Copy/paste from https://lists.w3.org/Archives/Public/public-tt/2017Sep/0080.html - raising as an issue for tracking/disposition purposes.

The WebVTT syntax is similar to (but incompatible with) SRT but otherwise distinct from all other syntaxes, and includes a subsection that is effectively CSS syntax. I consider the serialisation and parsing of a document format to be an architectural layer in its own right, ideally with tests, tools and support for the format. In the case of WebVTT the fact that it has a unique format means that the benefits of referencing an independent serialisation and parsing layer are absent. For internal business to business transactions this creates some hurdles: it is costlier to develop a syntax checker for example to validate that received files are well formed, or to quality check the content; writing custom parser code becomes a security risk since issues like buffer overflow are more commonly, though not uniquely, found in less mature code. The tool support for e.g. JSON, HTML or XML serialisation is much more mature and less likely to suffer from these problems.

It is unclear what action could resolve this with WebVTT in its current form, without taking seemingly extreme steps. For example if WebVTT were a semantic model plus an API, and alternative representations were defined, and at least one of those alternative representations were a more commonly used one, that would help, though at the expense of adding an initial step for every WebVTT import or export, which is to work out which representation to use.

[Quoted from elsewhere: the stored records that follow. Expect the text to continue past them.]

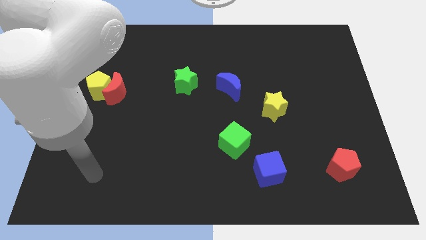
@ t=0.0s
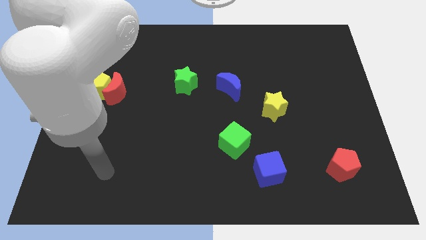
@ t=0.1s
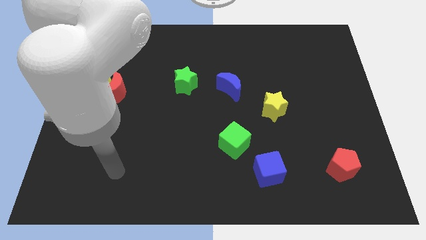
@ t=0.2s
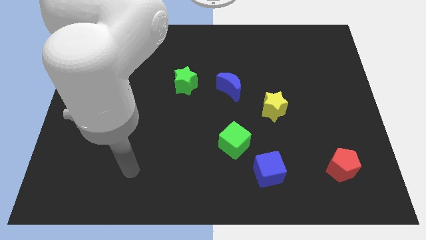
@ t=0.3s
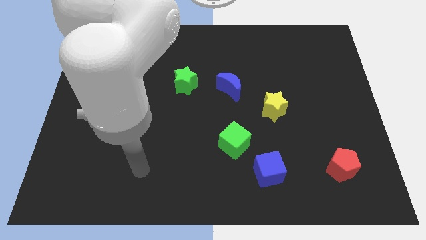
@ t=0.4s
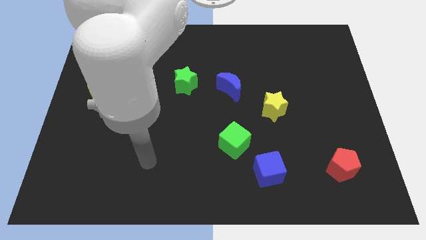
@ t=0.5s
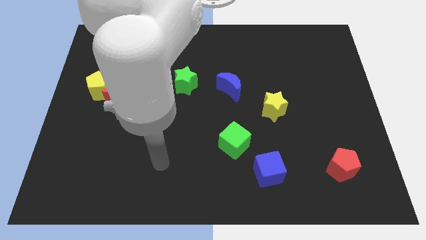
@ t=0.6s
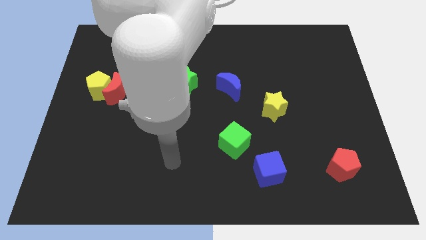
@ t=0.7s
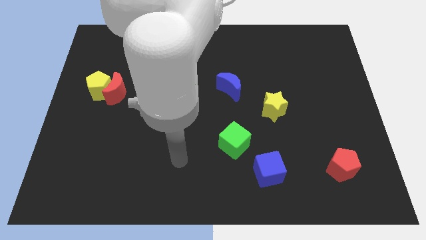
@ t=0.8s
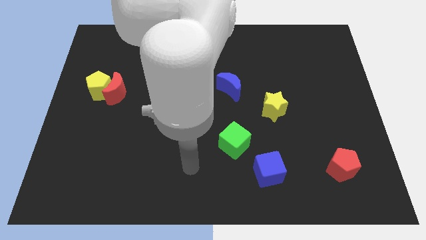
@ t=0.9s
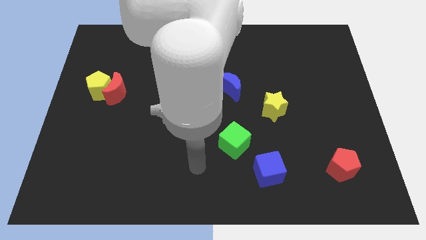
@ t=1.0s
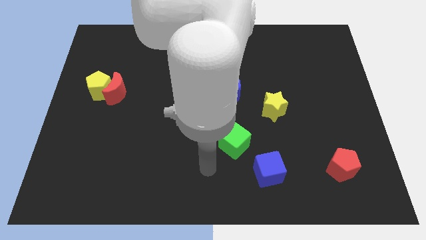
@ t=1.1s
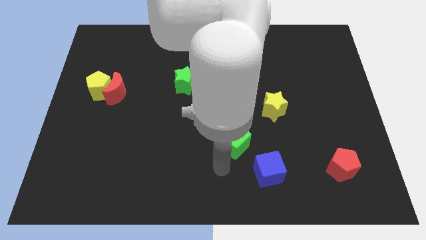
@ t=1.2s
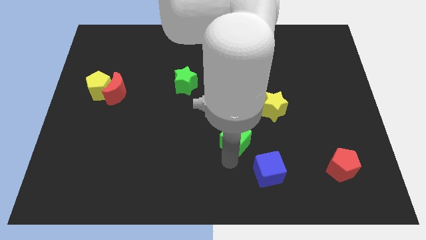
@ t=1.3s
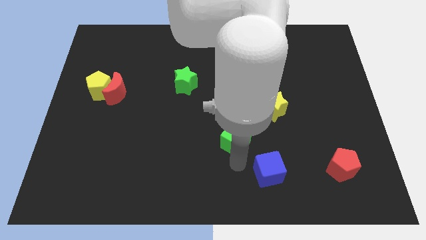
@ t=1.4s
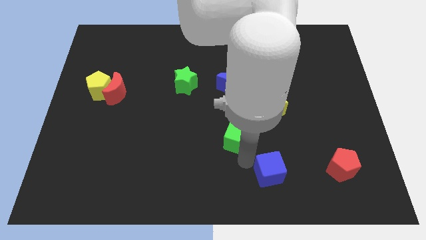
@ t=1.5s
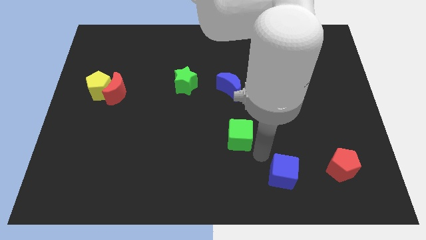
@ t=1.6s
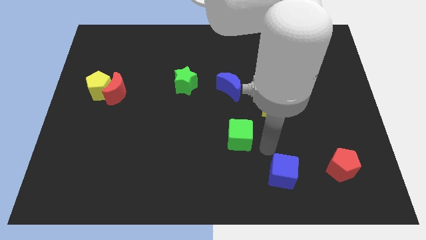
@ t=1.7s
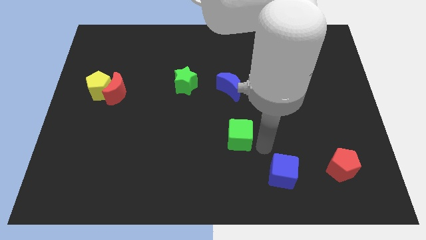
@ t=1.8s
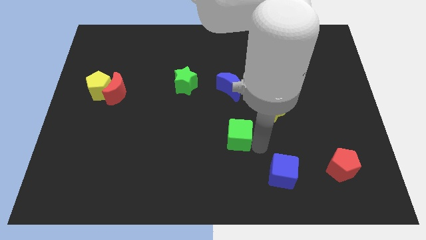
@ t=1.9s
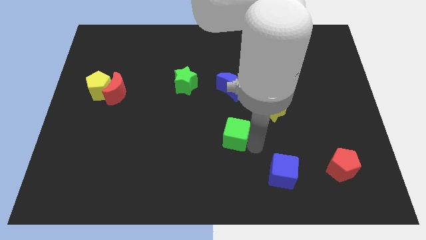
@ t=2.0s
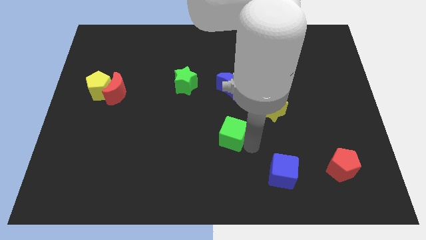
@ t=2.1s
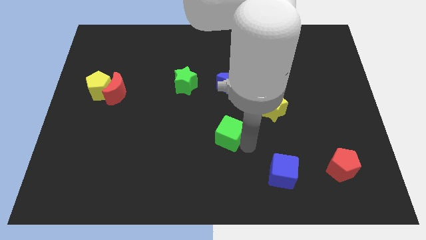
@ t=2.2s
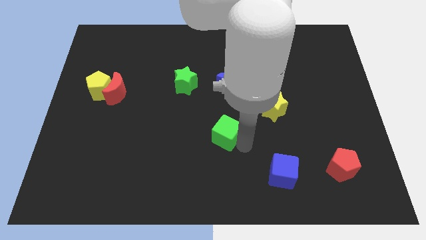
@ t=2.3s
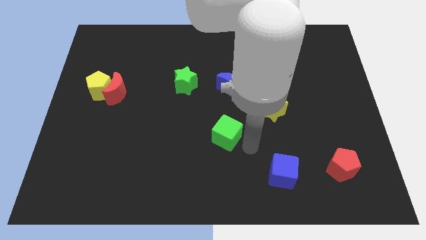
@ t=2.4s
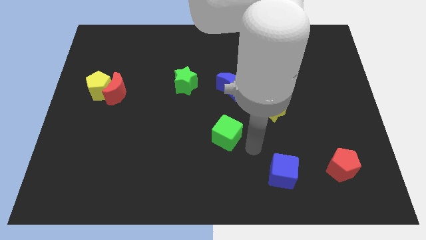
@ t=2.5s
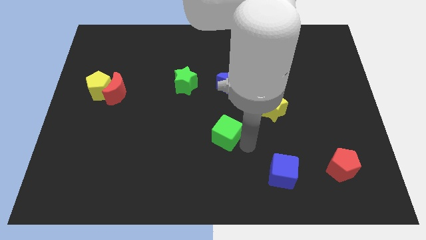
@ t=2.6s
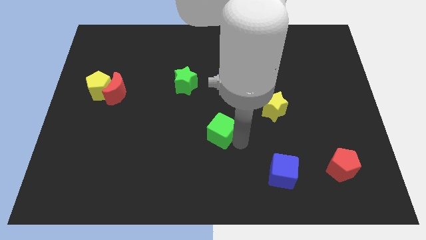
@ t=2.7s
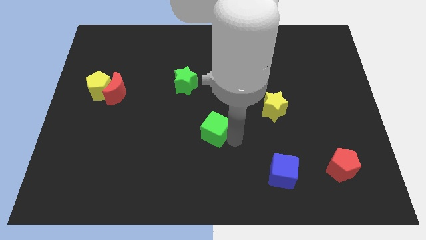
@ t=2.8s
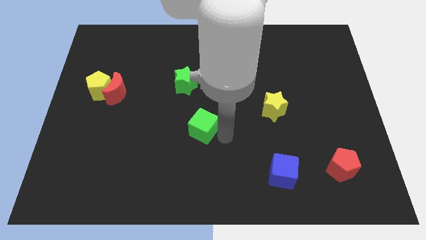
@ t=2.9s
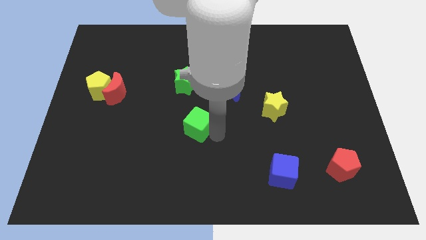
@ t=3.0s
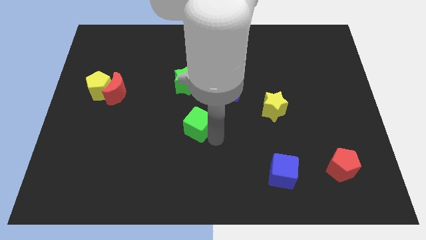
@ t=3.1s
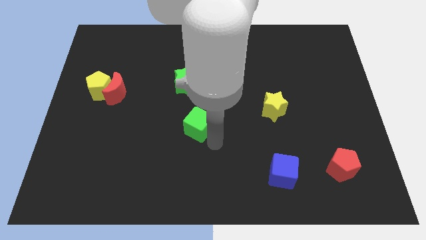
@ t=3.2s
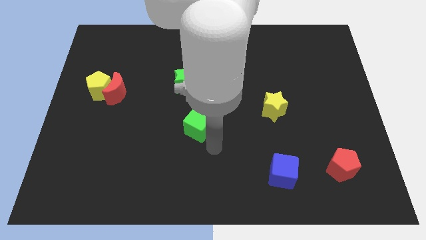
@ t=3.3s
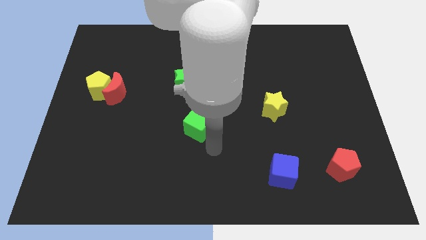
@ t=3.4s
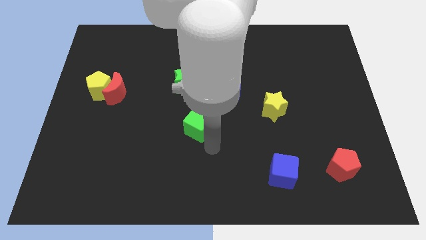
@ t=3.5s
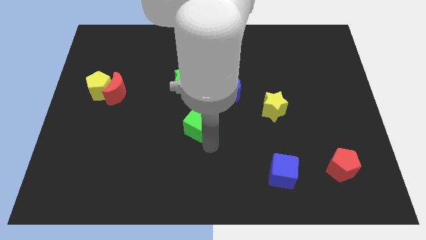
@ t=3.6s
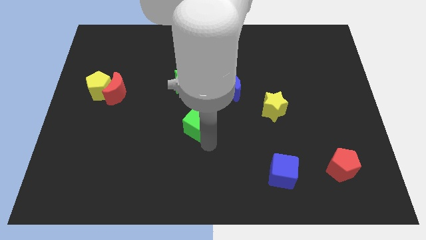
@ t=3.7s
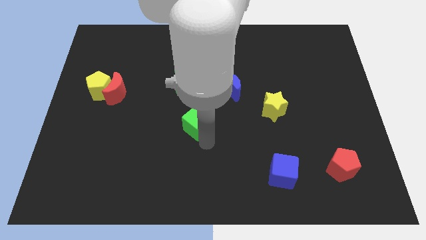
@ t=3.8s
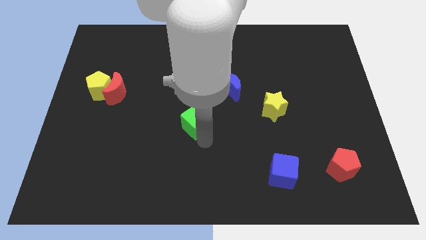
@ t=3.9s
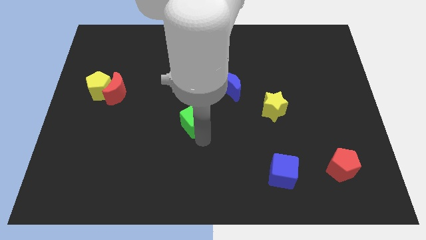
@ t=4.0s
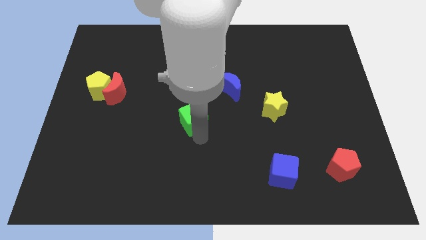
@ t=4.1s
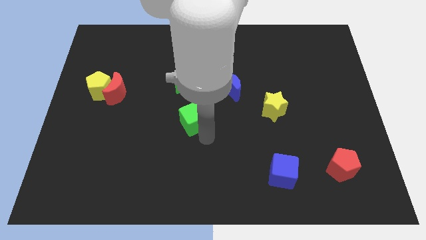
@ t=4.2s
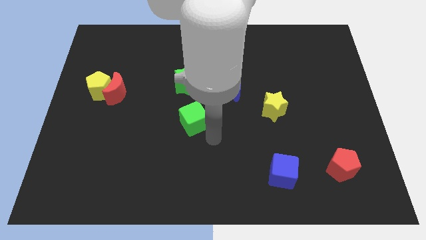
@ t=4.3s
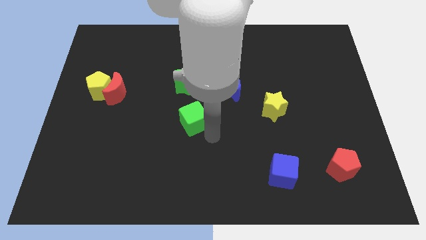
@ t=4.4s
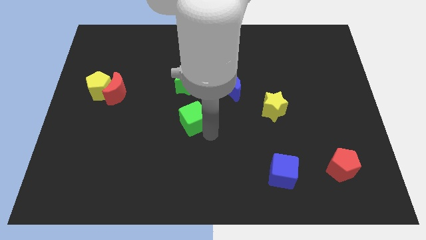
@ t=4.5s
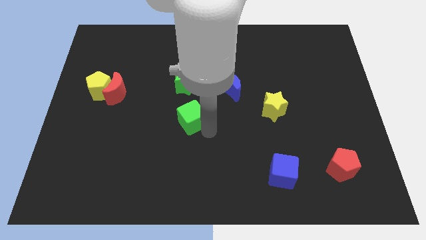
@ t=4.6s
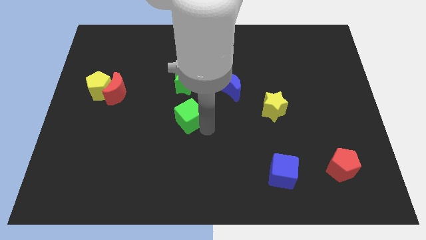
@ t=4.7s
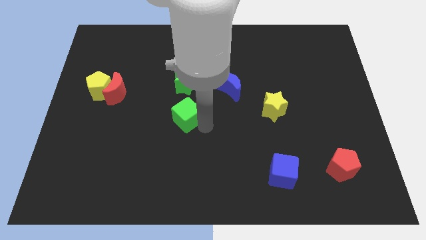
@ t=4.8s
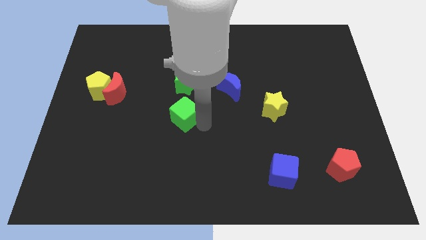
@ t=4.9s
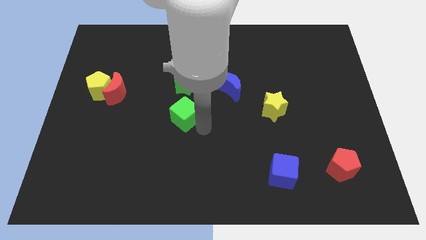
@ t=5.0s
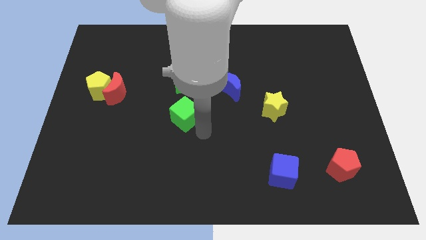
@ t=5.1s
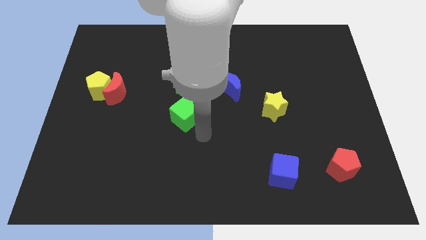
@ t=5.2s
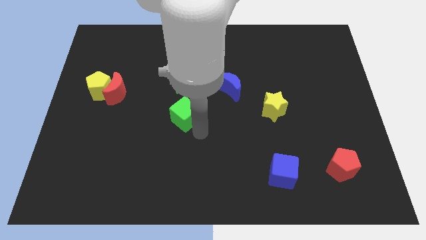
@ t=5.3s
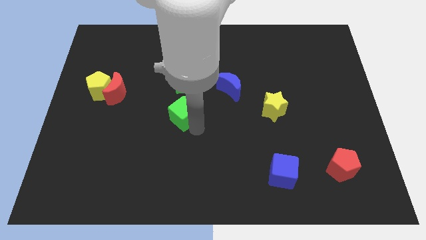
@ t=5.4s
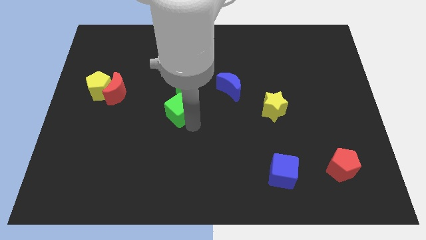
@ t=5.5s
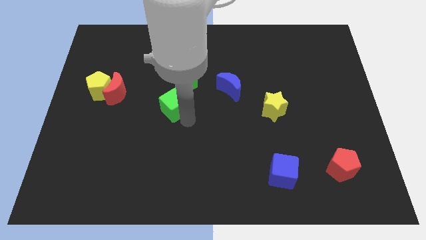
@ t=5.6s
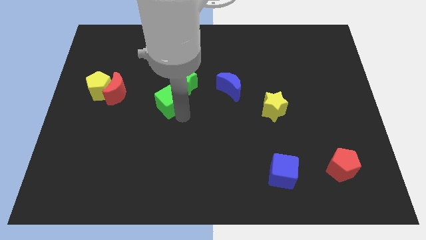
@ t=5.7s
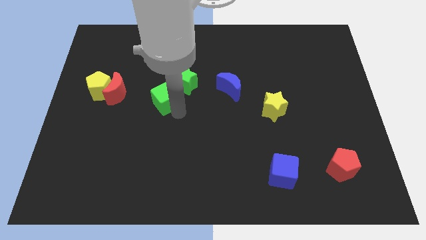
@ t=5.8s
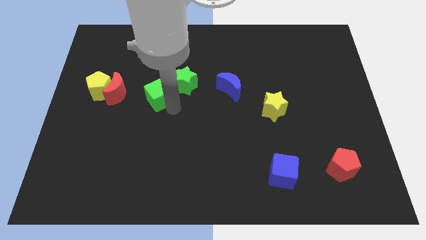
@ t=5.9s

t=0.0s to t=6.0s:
move the green cube diagonally up and left

From this perspective, the syntax of WebVTT seems better suited to direct writing and editing in text editors by humans than by software, though obviously it is ultimately feasible to use either. For an organisation like the BBC authoring and distributing subtitle documents at scale it would be better to optimise for machine reading and writing instead of human reading and writing, since we expect subtitle authors and editors to use specialist software rather than tweaking files directly.

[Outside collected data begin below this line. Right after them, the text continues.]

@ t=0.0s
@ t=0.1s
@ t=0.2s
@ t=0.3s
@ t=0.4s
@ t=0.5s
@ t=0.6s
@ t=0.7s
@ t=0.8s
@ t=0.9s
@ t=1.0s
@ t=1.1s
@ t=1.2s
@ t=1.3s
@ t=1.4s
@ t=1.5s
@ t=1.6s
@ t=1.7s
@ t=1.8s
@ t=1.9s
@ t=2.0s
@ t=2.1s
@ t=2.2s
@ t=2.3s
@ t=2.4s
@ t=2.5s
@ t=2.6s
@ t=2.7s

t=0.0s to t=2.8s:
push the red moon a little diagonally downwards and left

dwsinger · 2017-09-28T20:29:04Z

I'm not sure that I agree that the model means it's easier to write by hand. But though this is an interesting comment, it doesn't seem actionable.("It is unclear what action could resolve this with WebVTT").

nigelmegitt · 2017-09-29T09:30:18Z

The possible line of action I propose is to split the WebVTT semantic model from the representation. I (probably) expect a "won't fix" response to that, but it's at least a route to consider.

dwsinger · 2017-09-29T17:52:54Z

This is an architectural question that was resolved by the WG long ago, and such comments should have been made in the WG prior to asking for a first, let alone second, external wide review.

nigelmegitt · 2017-09-29T19:13:35Z

Perhaps that was before my time. I had the impression it was an architectural decision made by WHATWG in their fork of HTML before WebVTT was split out into a separate spec. I certainly don't recall it being discussed in the WG.

silviapfeiffer · 2017-10-15T06:12:11Z

The comment is that the line-based format of WebVTT should be abandoned and be replaced by a XML or JSON based format. While it is appreciated that JSON parsing is already built into the browser and an alternative version of WebVTT could be specified in JSON, this is not a practical suggestion in the context of the current status of WebVTT, which has a well established usage and community of use. The WG may wish to discuss further, but I see no other resolution than "works for me".

Also note that both XML and JSON require "end tags" for creating valid files. When first discussing the ability to specify time-aligned text and an encapsulation format for it (about 8 years ago), a file format with end tags was deemed unusable because of the need for progressive delivery, particularly in live streaming and when muxed into media files where you cannot wait for the end of the caption file before rendering captions. Thus, not having end tags is actually an advantage of WebVTT, since it avoids the need for file flattening which hierarchical file formats require.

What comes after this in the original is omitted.